Extracted records
= Beginning of Section =

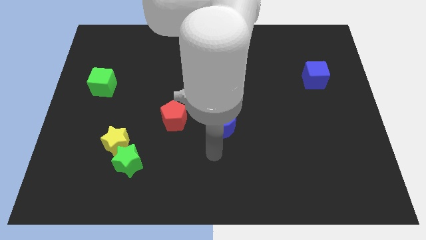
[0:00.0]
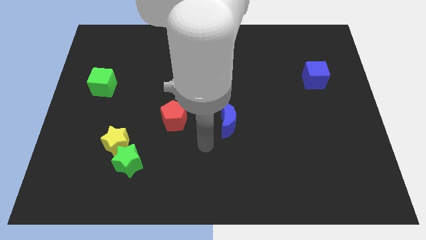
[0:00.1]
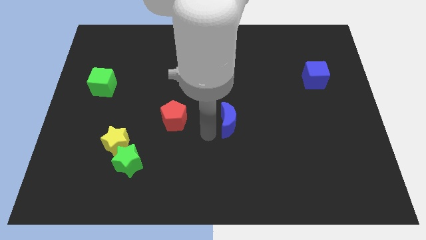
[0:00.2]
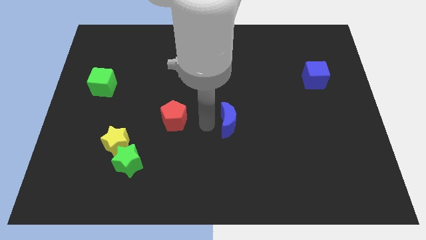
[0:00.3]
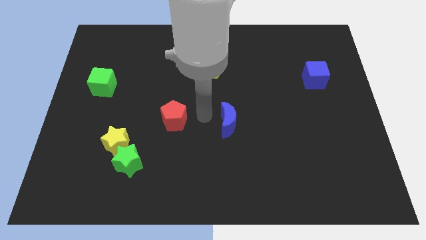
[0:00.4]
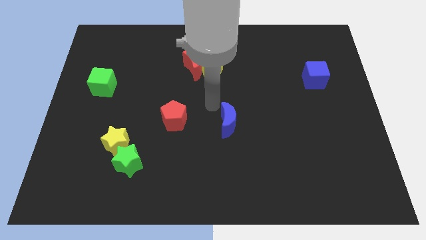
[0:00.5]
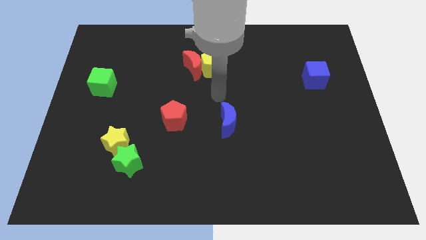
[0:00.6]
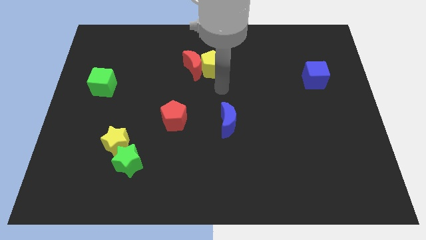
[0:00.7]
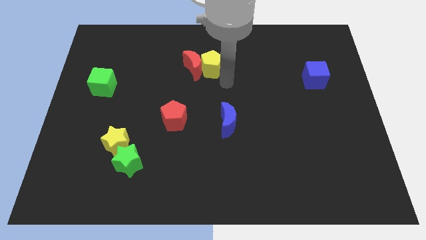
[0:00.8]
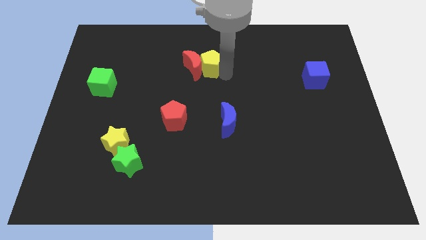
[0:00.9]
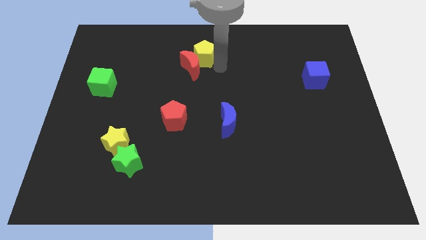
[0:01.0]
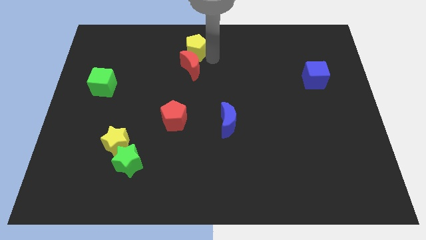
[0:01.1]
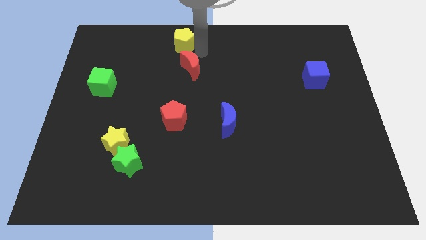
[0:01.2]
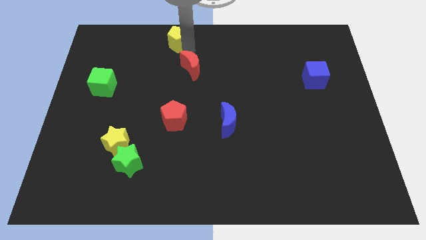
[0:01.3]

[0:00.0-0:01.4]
pull the red moon apart from the yellow pentagon

= End of Section =

- _Aim of the task_: A faithful, word-for-word copy of the data is needed; the pictures should not appear in it.

- _Solved exercise_:
[0:00.0]
[0:00.1]
[0:00.2]
[0:00.3]
[0:00.4]
[0:00.5]
[0:00.6]
[0:00.7]
[0:00.8]
[0:00.9]
[0:01.0]
[0:01.1]
[0:01.2]
[0:01.3]

[0:00.0-0:01.4]
pull the red moon apart from the yellow pentagon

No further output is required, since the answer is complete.